Éviter de voir l’or national détourné par la droite


La décision britannique, susceptible de faire jurisprudence, pourrait également servir à solder le litige qui oppose la Deutsche Bank et Citibank au gouvernement vénézuélien. En 2019, les banques allemande et américaine avaient pris le contrôle d’environ 1,2 milliard d’euros suite au non-remboursement des fonds empruntés via un « swap or », une opération financière où le précieux métal sert de garantie à un prêt. Le conseil d’administration de la Banque centrale du Venezuela, nommé par le gouvernement légal, a déclaré qu’il ferait appel de la décision britannique afin d’éviter de voir l’or national détourné par la droite.

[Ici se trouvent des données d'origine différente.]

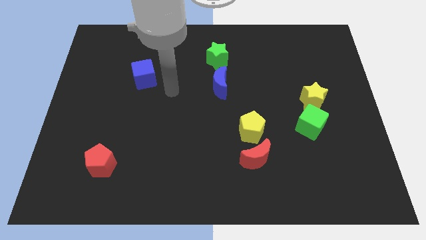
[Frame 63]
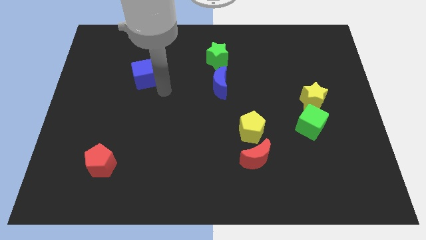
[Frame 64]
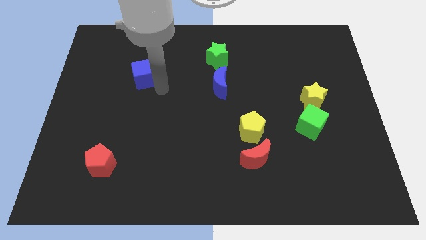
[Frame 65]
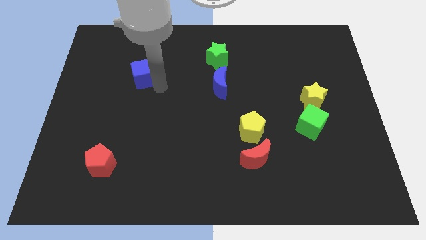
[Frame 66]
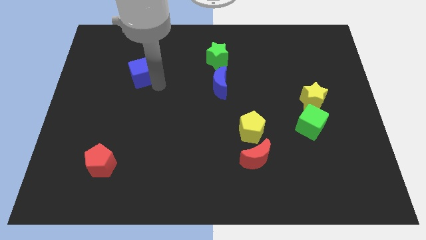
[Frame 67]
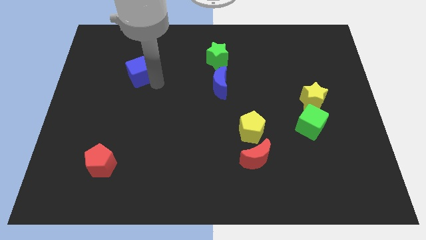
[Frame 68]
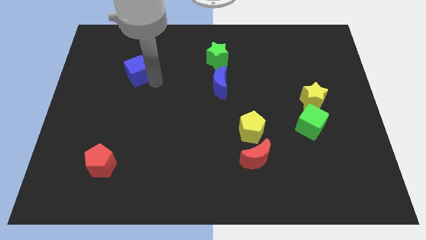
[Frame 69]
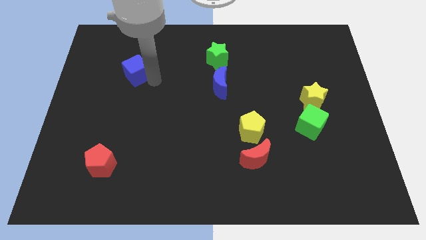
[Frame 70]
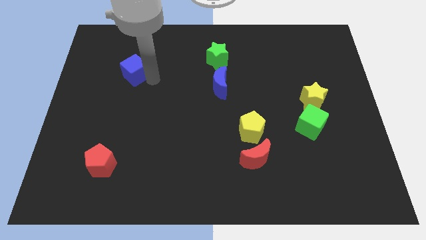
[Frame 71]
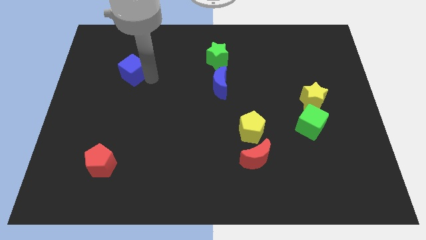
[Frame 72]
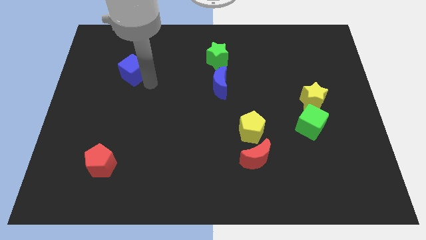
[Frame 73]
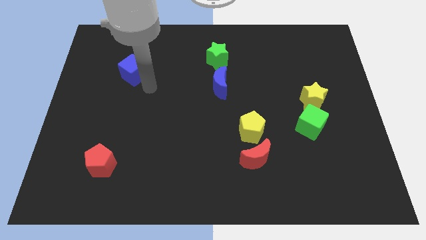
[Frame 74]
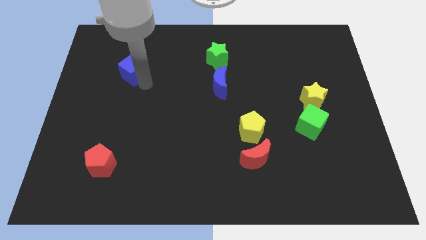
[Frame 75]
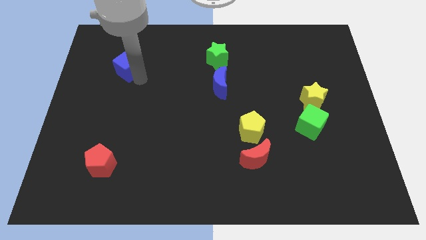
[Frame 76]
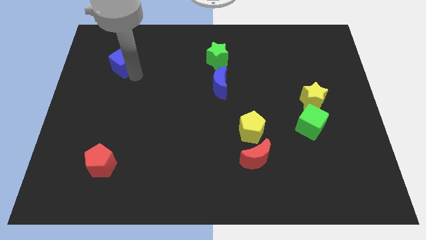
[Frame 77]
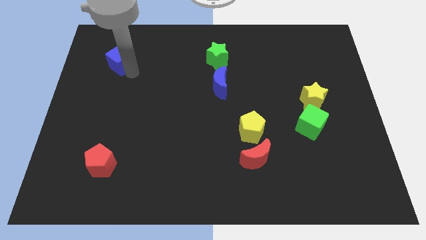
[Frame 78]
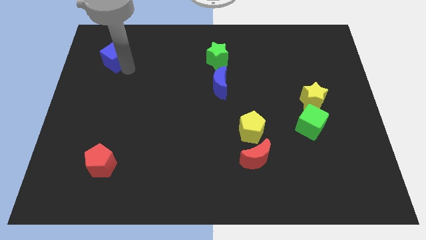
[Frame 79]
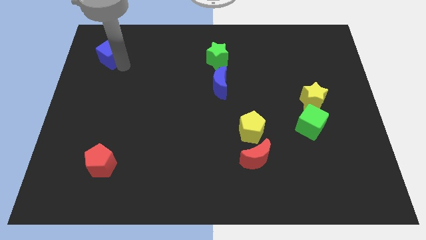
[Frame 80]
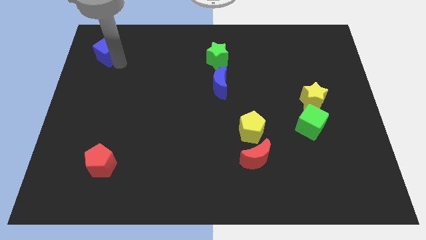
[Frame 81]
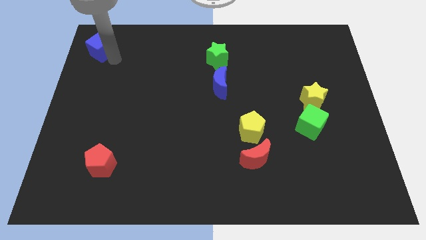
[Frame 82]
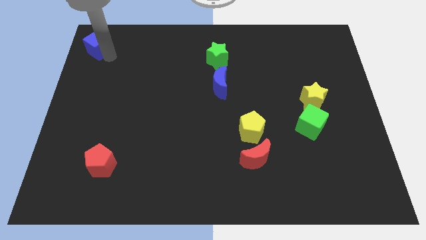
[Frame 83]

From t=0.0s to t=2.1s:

L’accès aux actifs à l’étranger est une bataille de longue date. En janvier 2019, Juan Guaido annonçait prendre le contrôle des titres dont dispose la République hors de ses frontières avec le soutien d’une quarantaine de pays afin, disait-il, d’«empêcher qu’au moment de sa sortie (…) l’usurpateur et sa bande (le pouvoir légal – NDLR) cherchent à “gratter les fonds de tiroir” ». Dans la foulée, Washington annonçait de nouvelles sanctions contre la compagnie pétrolière nationale PDVSA, accusée par le Trésor américain d’être un « véhicule de corruption ». Si la transparence fait défaut, le camp Guaido n’est pas exempt de critiques, alors que des soupçons de corruption pèsent sur neuf députés proches de Juan Guaido. Ces derniers seraient intervenus en faveur d’un chef d’entreprise colombien lié à une affaire de blanchiment d’argent dans le programme « Clap », créé par le gouvernement de Nicolas Maduro pour fournir de la nourriture à bas prix aux plus pauvres. Un scandale qui avait prouvé, s’il en était encore besoin, que les préoccupations de l’opposition étaient tout sauf humanitaires. Juan Guaido, lui-même, est mis en cause dans ses déclarations de patrimoine et pour 91 voyages hors des frontières vénézuéliennes réalisés grâce à des fonds étrangers.